Advanced therapies like apomorphine or duodopa pump are alternative options in PD patients with gastrointestinal dysfunction as both therapies are independent of swallowing, gastric motility and in case of apomorphine additionally of duodenal absorption. Therefore, medication effect is more independent of gastrointestinal dysfunction and more reliable.

Furthermore promising improvements of gastrointestinal NMS have been reported under both therapies [67, 83].

There are only few studies investigating the effect of subthalamic nucleus (STN) deep brain stimulation (DBS) on gastrointestinal symptoms in PD patients. It is especially difficult to distinguish between the direct effect of the stimulation and possible positive indirect effects on GI NMS, e.g. due to an improvement in mobility or reduction of dopaminergic medication with disappearance of side effects.

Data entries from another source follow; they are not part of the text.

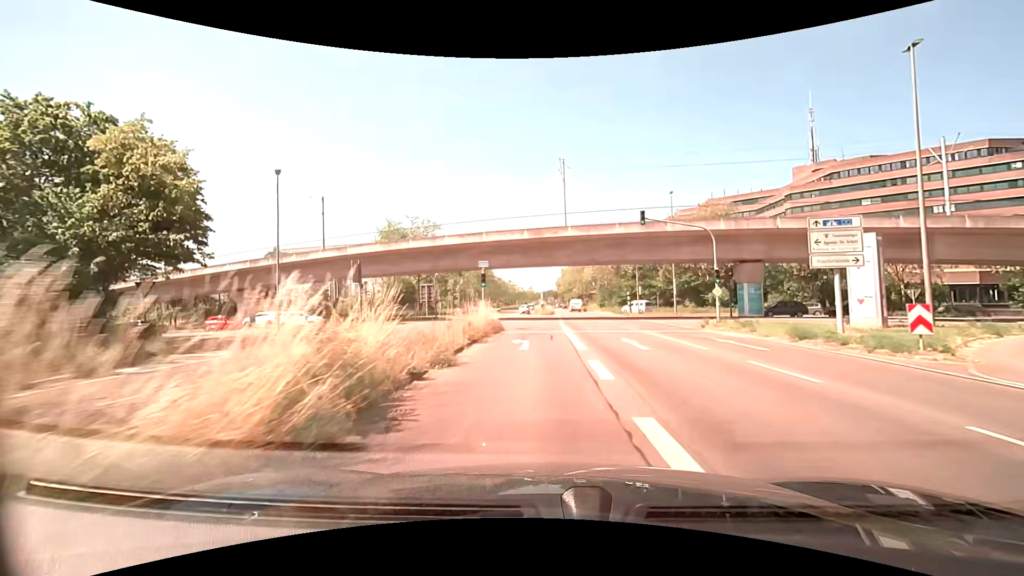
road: secondary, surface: asphalt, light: Day
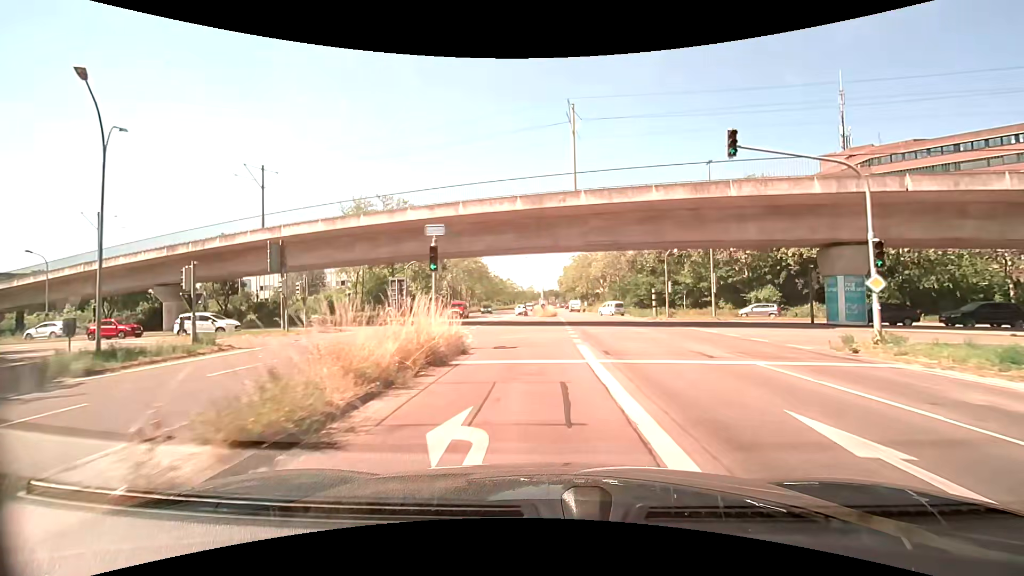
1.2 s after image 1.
(-0.2, +13.1) m; 0°
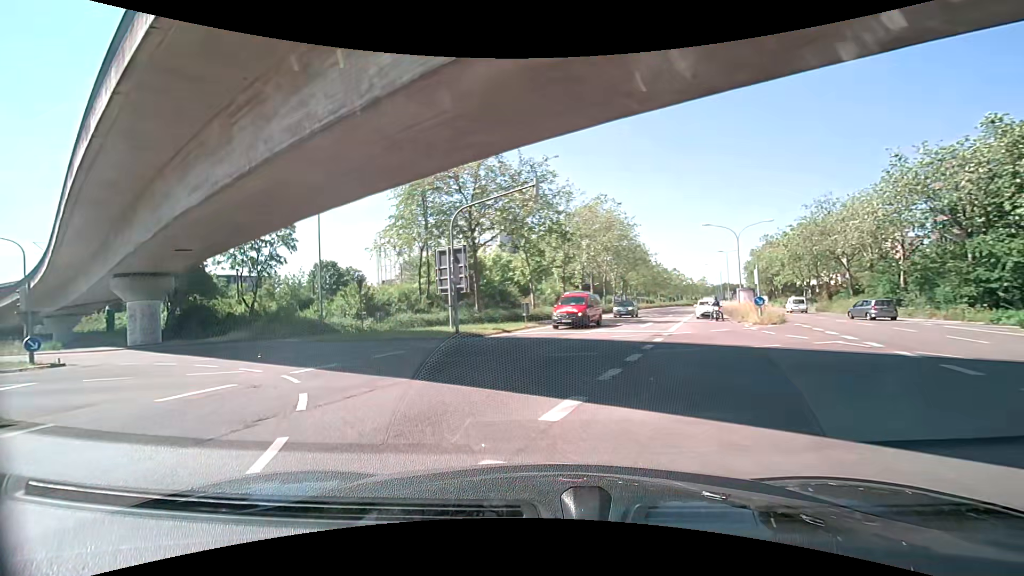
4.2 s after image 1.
(-2.3, +27.4) m; -19°
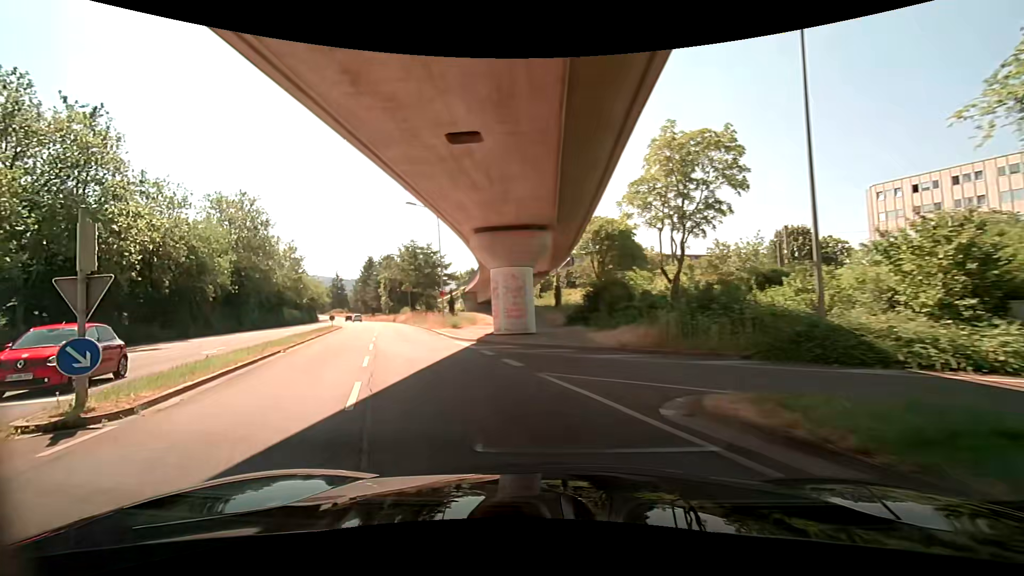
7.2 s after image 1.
(-8.1, +19.2) m; -50°
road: tertiary
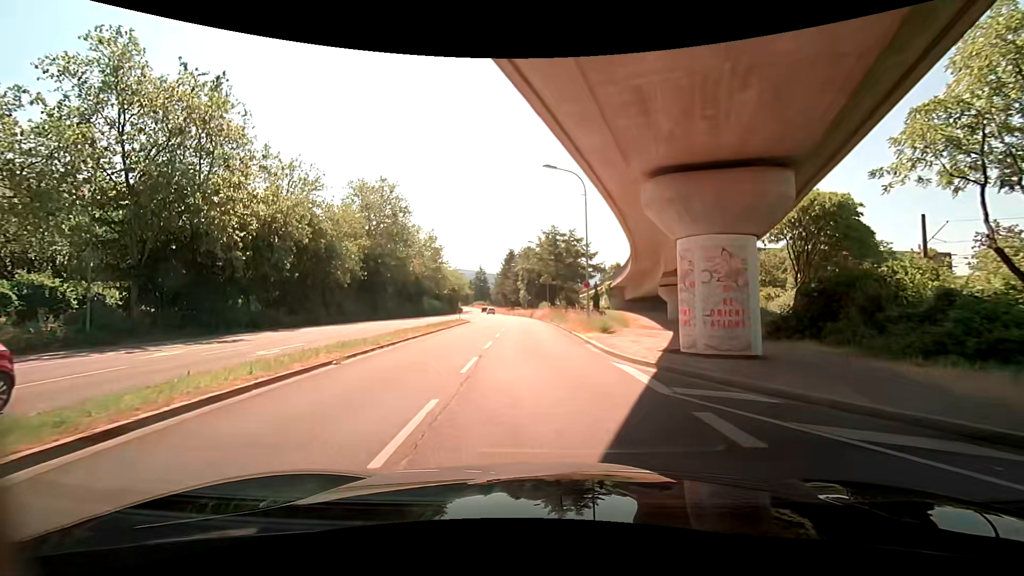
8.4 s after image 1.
(-1.5, +9.1) m; -15°
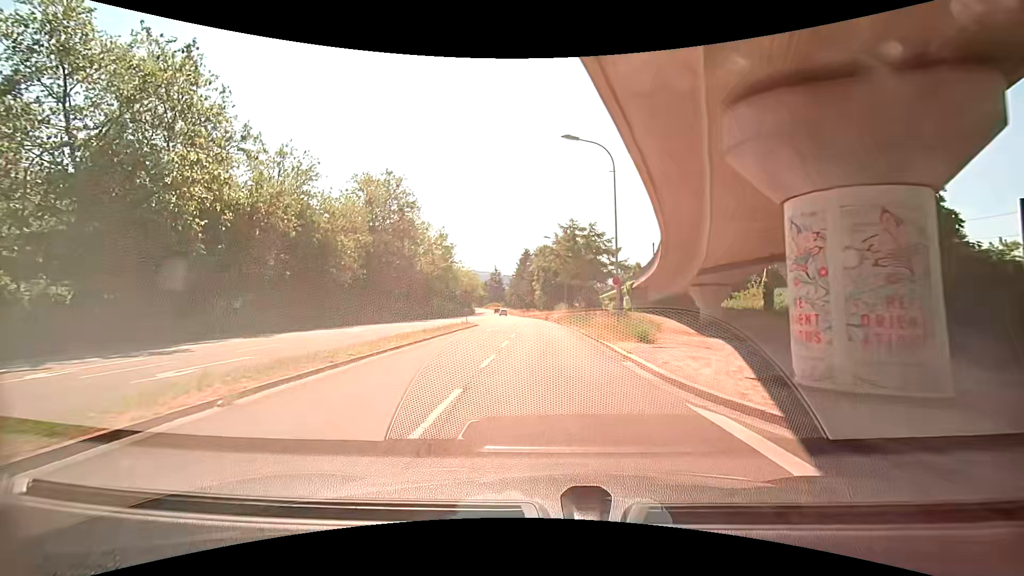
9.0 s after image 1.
(-0.1, +5.1) m; -2°
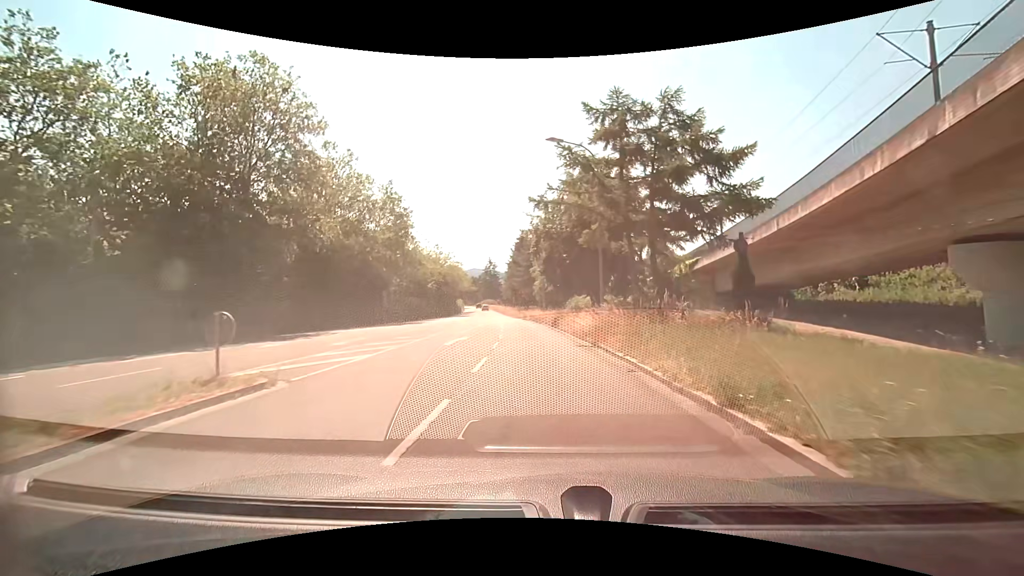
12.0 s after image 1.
(-0.2, +31.2) m; 0°
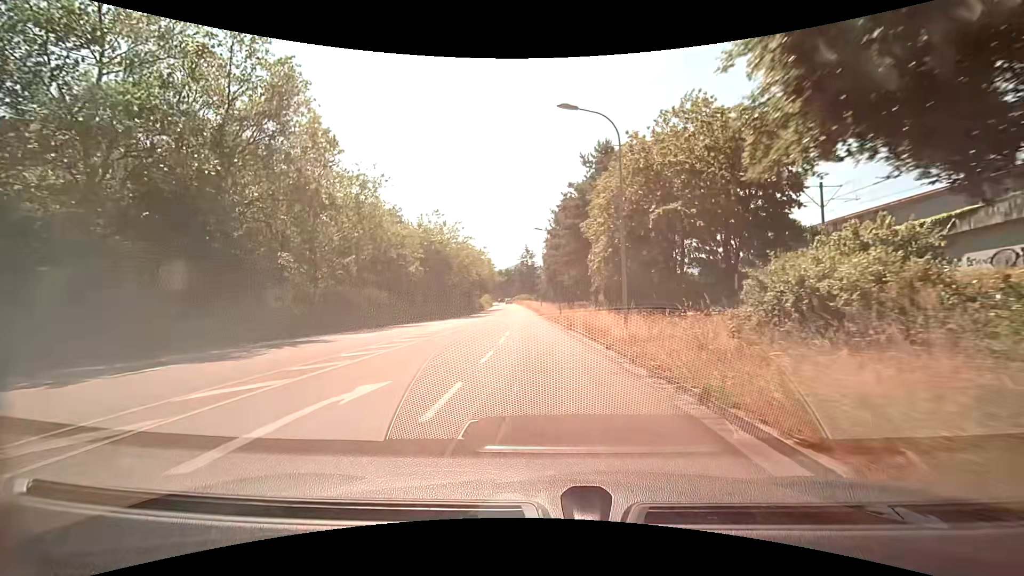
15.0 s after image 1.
(-1.5, +34.5) m; -5°
(0, +10) (0, +20) (-1, +30) (-1, +40) (-2, +50) (-2, +60) (-3, +70) (-4, +80) (-4, +90) (-5, +100) m

Improvements in dysphagia have been reported after STN DBS by Ciucci et al. [84]. They observed a significant improvement of the pharyngeal transit time under DBS stimulation compared to without DBS stimulation. The positive effect of the stimulation was explained by an overcome of the PD related bradykinesia and return of the pharyngeal stage motor pattern to performance levels approximating those of “normal” deglutition. This observation is consistant with the immediate positive effect of DBS stimulation on dysphagia described by Wolz et al. [85]. Improvement in bowel function after DBS has been reported [86, 87]. Halim et al. [88] observed an improvement in bowel function especially in early onset PD patients in comparison to late onset PD patients in a small case series and Zibetti et al. [89] reported improvement up to 24 months. Arai et al. [90] showed that gastric emptying was improved by STN DBS but not by treatment with levodopa using the (13)C-acetate breath test.